O showzinho dos Time Lords para com o Doutor agora está mais claro do que nunca: ele estava sendo mantido em rédea curta porque é uma ameaça grande, e sabe-se lá o que poderia fazer se descobrisse que nem Gallifreyano ele era. O ruim, na minha concepção, é que agora o Doutor é um basicamente super-herói, visto que destravada as suas memórias do passado, ele não está mais sob a influência de limitação das 12 regenerações, de modo que preocupar-se com os ciclos regenerativos não está mais em sua lista (assim espero). E aqui talvez seja um ponto bom para falar do Valeyard, brasileiramente conhecido como Jardim do Vale (hehehe). Conforme apresentado lá em The Ultimate Foe, ele é um amálgama das versões ruins do Doutor* que apareceria em algum momento entre a sua 12ª e a última encarnação. Falta só agora alguém reclamar que “destruíram a possibilidade do Valeyard existir” com essa questão da Timeless Child. Cá dentro, eu fico só pensando: “Neiva do céu, de cérebro, só tem o sinarzin!“.

* Para os reclamões desaviados ou desmemoriados, o Doutor tem várias versões ambíguas de si mesmo, algumas delas más, outras boas, e muitas sem nenhuma explicação até hoje. São elas: O Vigia (Logopolis), O Valeyard (The Mysterious Planet), O Meta-Crise (Journey’s End), O Senhor do Sonho (Amy’s Choice) e O Curador (The Day of the Doctor).

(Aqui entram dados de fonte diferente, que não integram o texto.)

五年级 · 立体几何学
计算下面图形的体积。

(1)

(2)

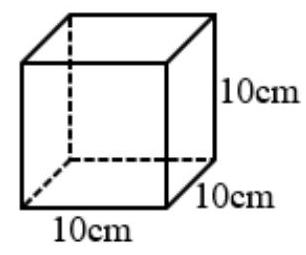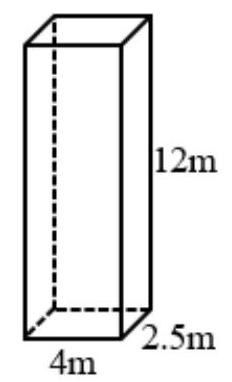
答案: 解(1) $1000 \mathrm{~cm}^{3}$;

(2) $120 \mathrm{~m}^{3}$

【分析】正方体体积 $=$ 棱长 $\times$ 棱长 $\times$ 棱长, 长方体体积 $=$ 长 $\times$ 宽 $\times$ 高, 将数据代入公式, 求出图形的体积即可。

【详解】(1) $10 \times 10 \times 10=1000\left(\mathrm{~cm}^{3}\right)$

(2) $4 \times 2.5 \times 12=120\left(\mathrm{~m}^{3}\right)$

Vale ainda mencionar a biologia do Doutor, com dois corações. Não sendo gallifreyano, em tese, há um problema aí, certo? Na verdade não. O único problema é a conveniência da coisa toda, produto de retcon, o que é sempre um incômodo. Mas a gente pode seguir desde a alteração da composição dos gallifreyanos para simular a biologia da Criança Atemporal ou o contrário. Ou ainda aquela velha conveniência boba: a espécie da Criança Atemporal tinha dois corações, assim como os gallifreyanos. Não há furo aí, “só” uma explicação porca. Ah, e Clara na linha do tempo do Doutor? Ué, se esta é a linha do tempo que ele lembrava que tinha vivido… o que mais Clara encontraria lá? Só os Doutores de 1 a 11 + o War!

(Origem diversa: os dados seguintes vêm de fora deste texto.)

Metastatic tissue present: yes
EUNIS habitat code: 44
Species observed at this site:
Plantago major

Ou seja… o que Chris Chibnall faz aqui é uma massiva expansão de possibilidades, onde agora existem inúmeras coisas para se contar da Criança Atemporal antes do 1º Doutor. Não estou 100% a bordo de tudo isso (acho que estaciono nos 85), tampouco da real (agora sim) destruição de Gallifrey, mas isso não tem nada a ver com nenhum “estrago” [inexistente] feito pelo retcon. Sou só eu com meus gostos. Espero pelo menos que o showrunner consiga cercar, no próximo ano, alguns dos principais elementos da continuidade para deixar o terreno da série mais suave e mais compreensível pra todo mundo. O que eu não quero é que DW se torne uma maníaca por criar/recriar/destruir o núcleo duro de sua realidade a cada 5 anos, como faz a DC com seus quadrinhos. Eu sei perfeitamente que cânones se apagam e são reescritos, e não foi Chris Chibnall quem inventou isso, nem nas artes, nem em Doctor Who. Mas fica aí no ar o ditado sábio da minha avó Maria: “tudo demais é desmantelo“.

  • Tem alguma ordem?

Tem uma “ordem inicial” sim, com base na sequência cronológica que a Doutora atravessa mentalmente quando estava tentando se libertar da Matrix. Até o momento, o que conhecemos de sua (agora nova e completa) timeline, é isso: primeiro vem a Criança Atemporal, da sua adoção até a queda do penhasco, onde vemos a primeira regeneração conhecida. Depois dessa, vemos mais outras 5 outras regenerações, que duram todo o processo de pesquisas e decodificação do DNA por Tecteun. Depois disso, os 8 Doutores de Morbius. Depois Ruth. Depois os Doutores numerados de 1 a 13… + War. No entanto, está implícito que na ordem pré-1º Doutor há muito mais regenerações ainda por nós desconhecidas…

  • E Brendan?

Essa resposta é dada pelo próprio Mestre! Brendan é uma obra de ficção. A história dele estava na Matrix como um filtro para encobrir a verdadeira história da Criança Atemporal, sua vida e seu trabalho inicial com A Divisão, primeira organização de Gallifrey a trabalhar com exploração de possibilidades e teorias sobre viagem no tempo, além de políticas de intervenção e principalmente, de não-intervenção (não é explicado aqui mas, para mim, é perfeitamente possível que A Divisão se torne, no futuro, a Celestial Intervention Agency ou CIA).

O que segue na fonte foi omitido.